В машине я немного отдохнула и хорошо выспалась. Радовалась, когда въезжали в Москву. И − вот уж не думала − обрадовалась родному двору и родному дому – я готова была расцеловать нелюбимое пристанище работяг-халтурщиков-строителей. Веретенец – целый мир, враждебный мне мир, где меня стало глючить… А здесь хорошо и привычно.
Мама промычала что-то из моей комнаты. Я тихо вошла. Прокралась в свою комнату – мама сидела в кресле, смотрела фильм по ноуту, но кажется была полностью погружена в свои мысли, а не в перипетии фильма.
− Мальва! У нас новости! – объявила мама, когда я её окликнула.
− Мама, пожалуйста, не пугай. – Я разлюбила новости в этом году, я их стала бояться.
− Папа звонил.
Я села напротив мамы. Что-то подобное я и ожидала.
− Позавчера раздался звонок. На городской. Точнее, всю ту неделю телефон звонил, но в трубке – молчание, такое бывает, когда из-за границы. Он по какому-то копеечному тарифу набирал.
− А скайп там у него отменили?
− Не знаю. В итоге вчера уже позвонил с нормального телефона по нормальному тарифу.
− И?
− Ну что «и»-то, что «и»? Не подгоняй!
− Я не подгоняю, не бесись. Ты ему рассказала о бабушке?
− Он недавно от кого-то сам узнал.
− Обалдеть. Шесть лет, как его мама умерла, а он недавно узнал. Заботливый сын. И?
− Не надо, Мальва. Он спросил о тебе: где ты, как ты.
− А о тебе?
− Обо мне-то что спрашивать? Я старая жирная корова, я ему не интересна и тогда была.
− Ну мам.
− Я на самом деле обрадовалась, что он спросил о тебе. Я ему всё подробно рассказала, пересказала всю нашу жизнь. Он внимательно слушал, уточнял, спрашивал.
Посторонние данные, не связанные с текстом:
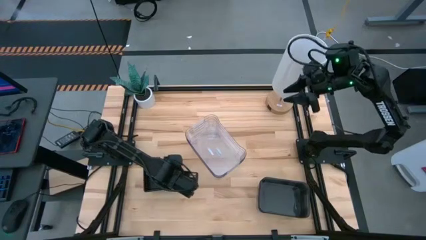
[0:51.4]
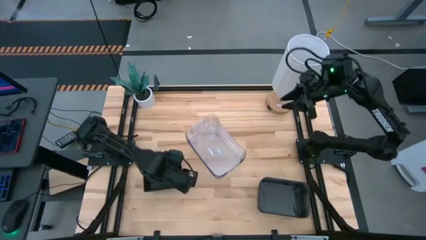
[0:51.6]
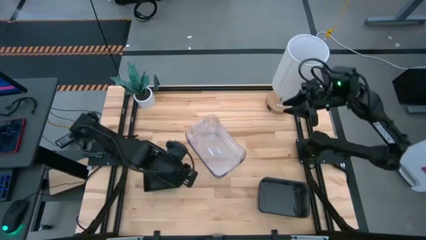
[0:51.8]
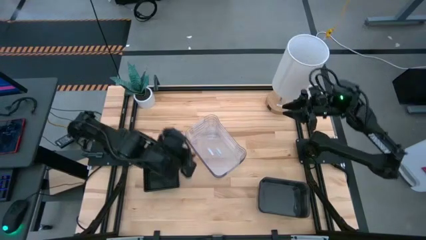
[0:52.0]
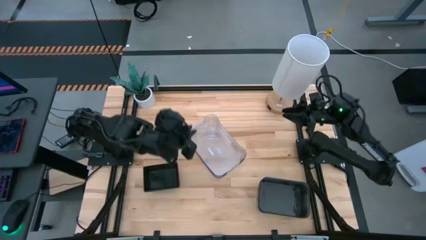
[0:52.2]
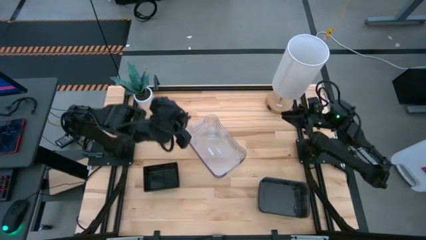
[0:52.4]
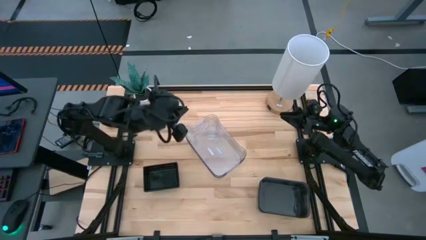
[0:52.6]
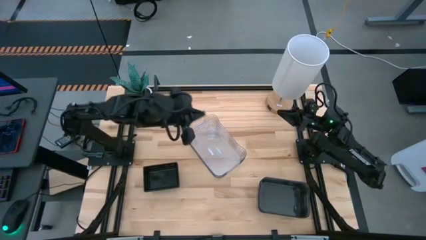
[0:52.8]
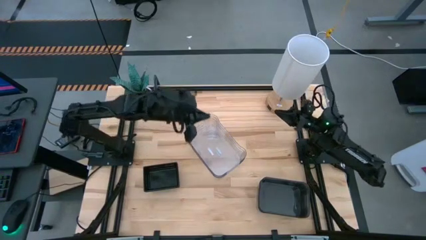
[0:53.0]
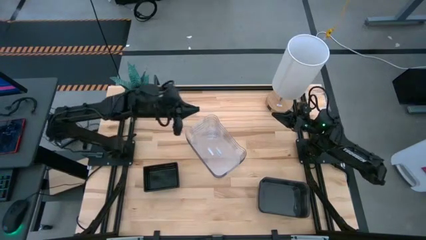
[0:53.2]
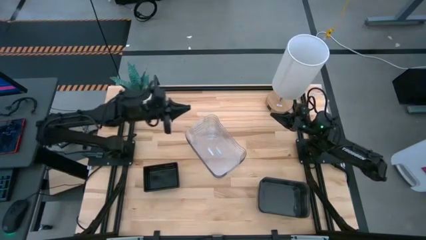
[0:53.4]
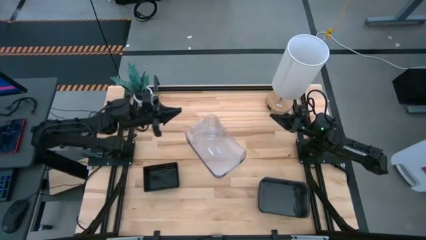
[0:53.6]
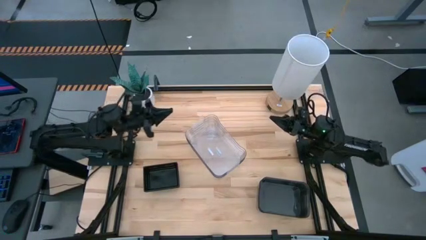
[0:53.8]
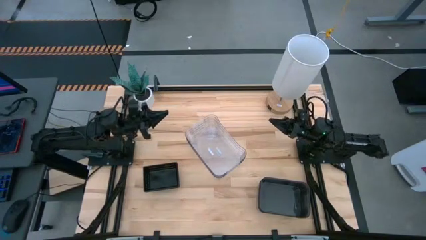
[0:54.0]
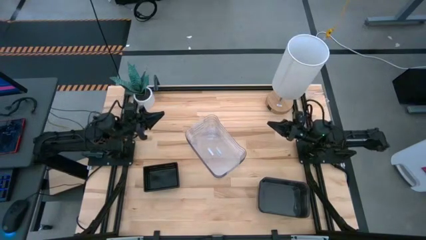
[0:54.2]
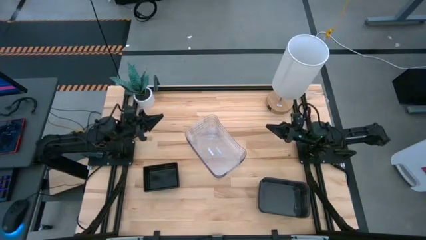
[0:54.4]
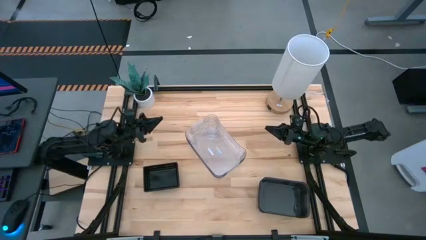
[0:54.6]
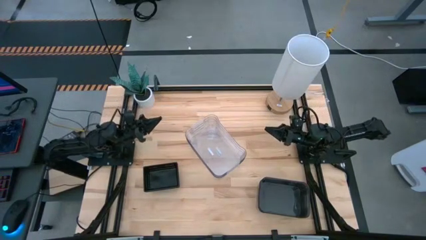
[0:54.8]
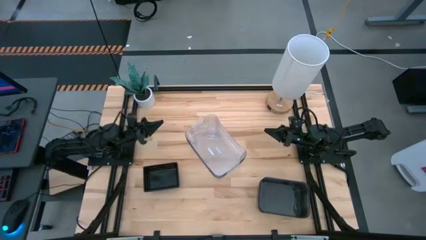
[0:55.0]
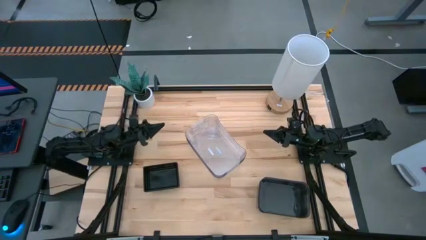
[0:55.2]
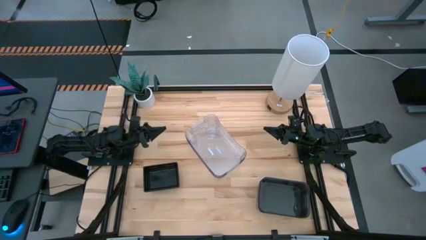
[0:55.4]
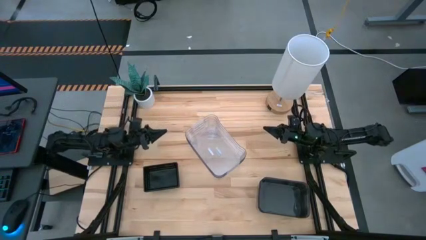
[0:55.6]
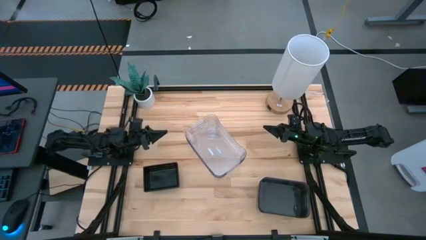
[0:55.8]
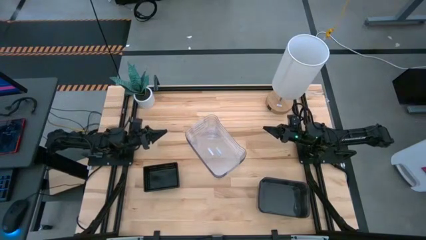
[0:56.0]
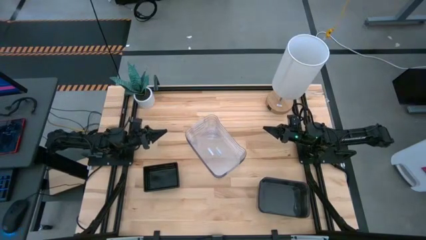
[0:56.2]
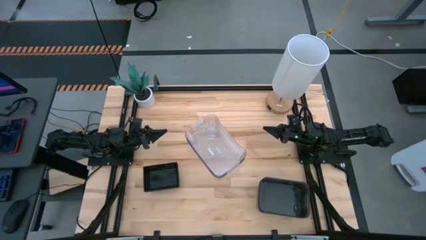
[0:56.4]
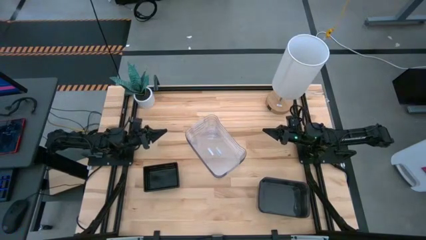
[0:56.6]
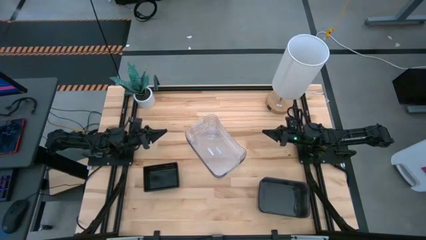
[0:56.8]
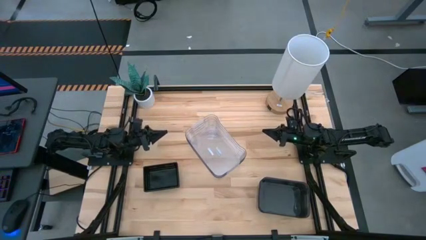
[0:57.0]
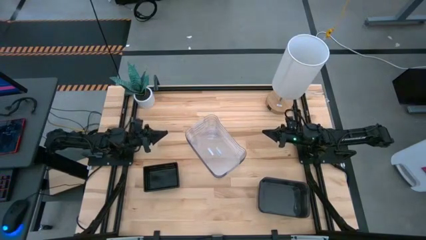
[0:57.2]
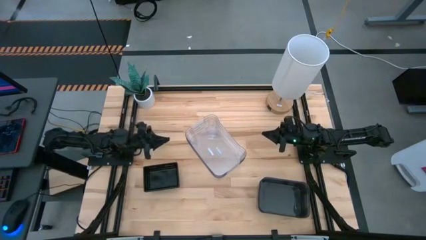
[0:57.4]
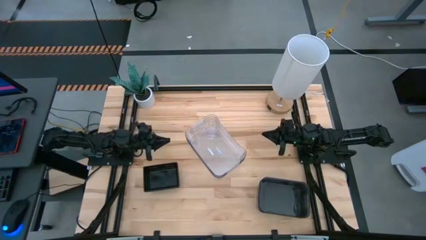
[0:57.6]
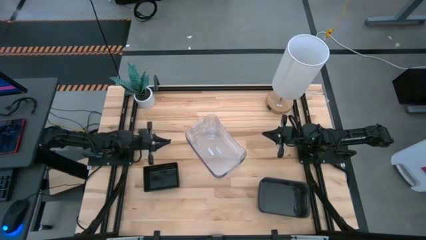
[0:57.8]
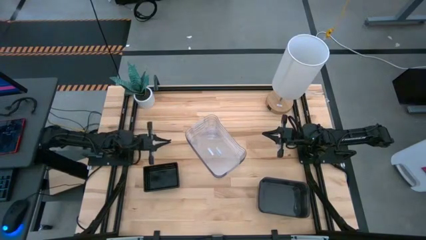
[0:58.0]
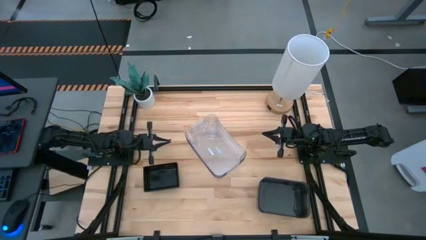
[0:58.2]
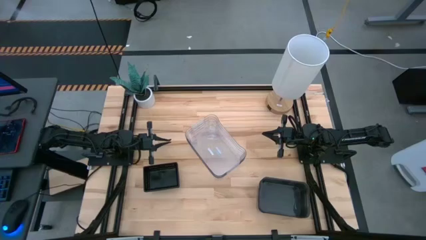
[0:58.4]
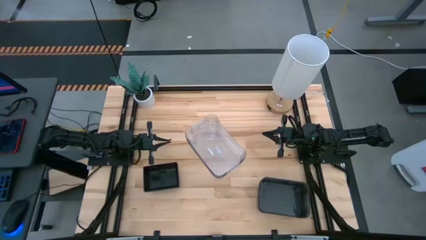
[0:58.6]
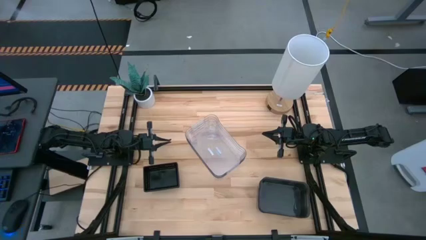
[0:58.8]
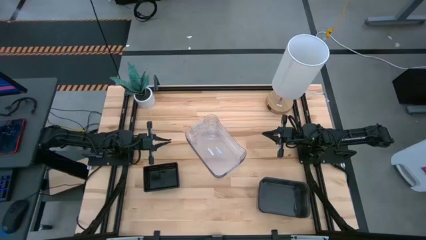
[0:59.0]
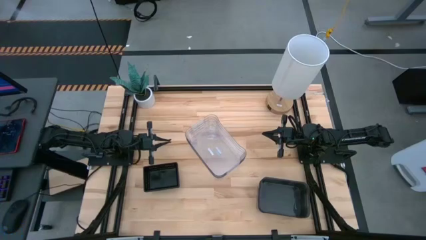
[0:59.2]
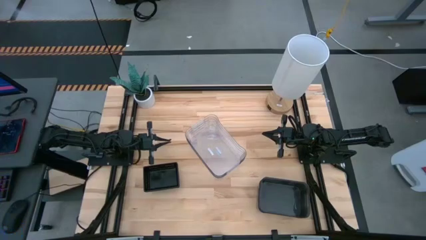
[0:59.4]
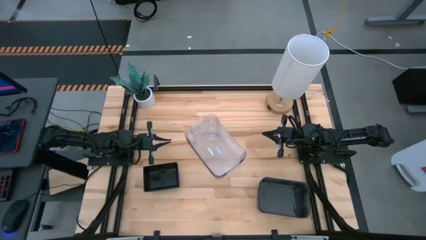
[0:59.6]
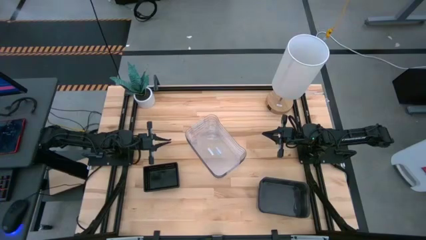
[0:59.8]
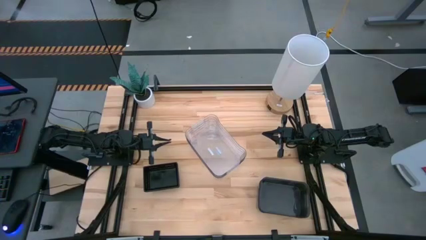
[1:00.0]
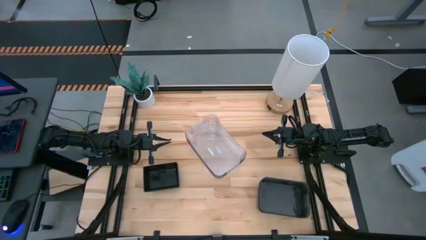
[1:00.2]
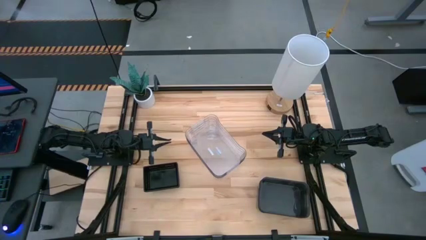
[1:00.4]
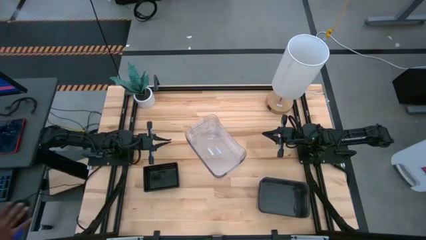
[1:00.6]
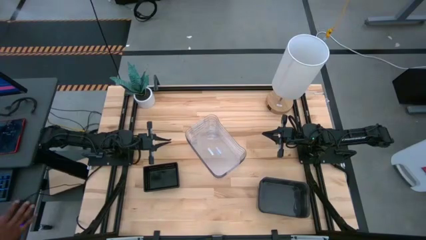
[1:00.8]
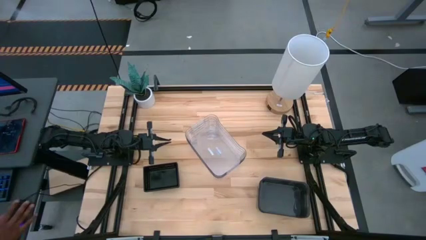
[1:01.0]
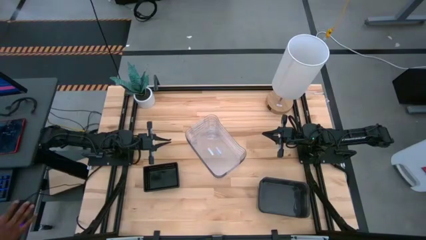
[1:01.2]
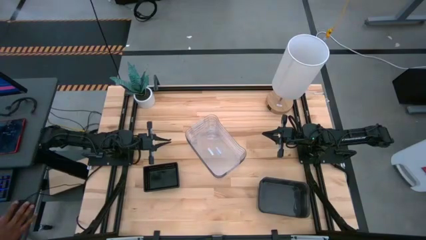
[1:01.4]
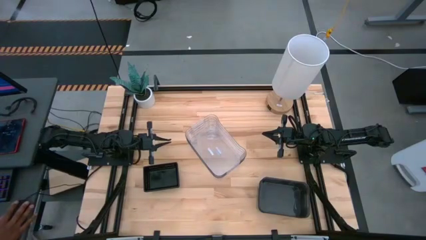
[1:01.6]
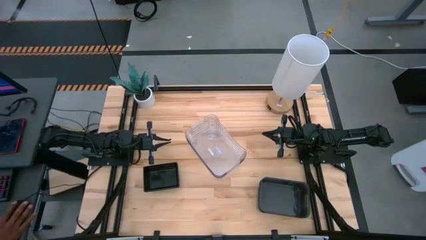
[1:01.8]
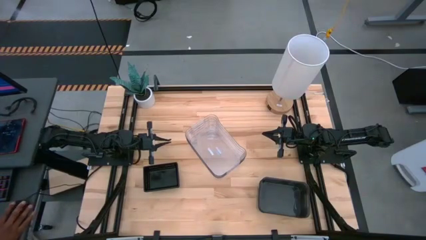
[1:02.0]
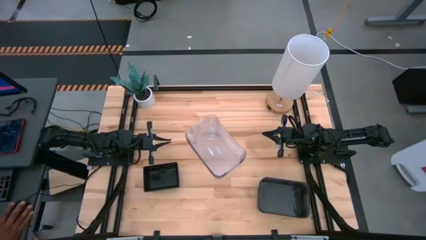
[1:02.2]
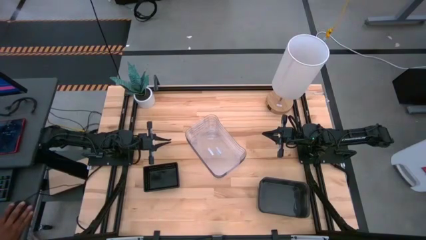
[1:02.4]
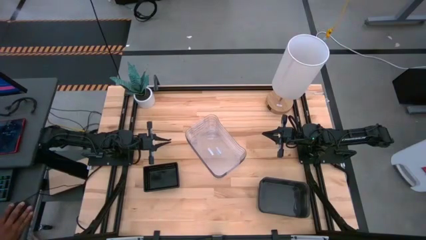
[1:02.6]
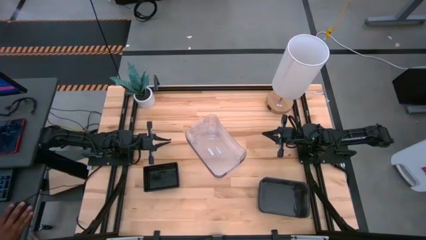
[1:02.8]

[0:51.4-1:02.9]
Return to Home Position

− Спасибо, мама, − я чуть не ревела.
− Подожди. Не нервничай. Успокойся. Когда он узнал, что ты одна в Веретенце, он стал нервничать. Он запретил тебе там жить одной.
− Ну вот ещё. Почему?
− Он не говорит, почему, но просил тебе передать, что в доме нечисто. Говорит, он никогда там один не оставался.
− Но бабушка прекрасно жила… И я с ней. Подъезд вполне чистый. В подвале травят тараканов и крыс, − включила я идиотку.
− Ты не поверишь: он снова твердил, что бабушка продала душу дьяволу. Он вообще не удивился её ранней смерти.
− Мама!
− Я тебе передаю, просто передаю. Папа приказал закрыть плотно окна, поговорить со старшим по дому, и уехать.
− Жалко, − сказала я. – Я столько всего продумала за неделю, даже схему плитки нарисовала. Всё рассчитала. И перед будущими жильцами неудобно. Они надеются, обои собрались покупать.
− Но папа против!
− Мама! Папа был против с нами жить! Это нормально?
− Но он там провёл детство. Он знает…
− Мама! Ты веришь, что бабушка продала душу хоть кому-то?
− Нет, что ты. Я вообще в эту чушь не верю. Какая вообще душа? Бабушка была хорошим человеком, пусть и не без странностей насчёт происхождения. Она работала, консультировала, занималась и секретными работами.
− Но ты могла бы спросить, мама, почему он говорит тебе это спустя годы и на расстоянии.
− Он мне и раньше говорил насчёт «нечисто», − мама закурила, выдохнула дым, стала разводить его тонкой кистью − пальцы с коротко остриженными ногтями. − Он за тебя волнуется. Умолял не ездить больше туда ни в коем случае. Он обещал приехать, как только границы откроют. А их скоро откроют. Как там вообще-то у бабушки?
− Мам! Роман три дня будет штробить и розетки ставить.
− Не знаю, Мальвин… Продать душу дьяволу? Это что-то из классической литературы…
− Мам! Ты не знаешь, а я и подавно. Бабушка прекрасный человек. Со смертью, в общем-то, не совсем ясно. Сердечная недостаточность – может быть что угодно.
− Мальвина! – мама затушила сигарету. Дым полз по столу в сторону окна, растворяясь в воздухе как ножницы с бриллиантами несколько часов назад растворились, не долетев до паркета. – Я тебя уверяю. Можно всю жизнь жить с самыми родными людьми, с самыми близкими родственниками и ничего о них не знать.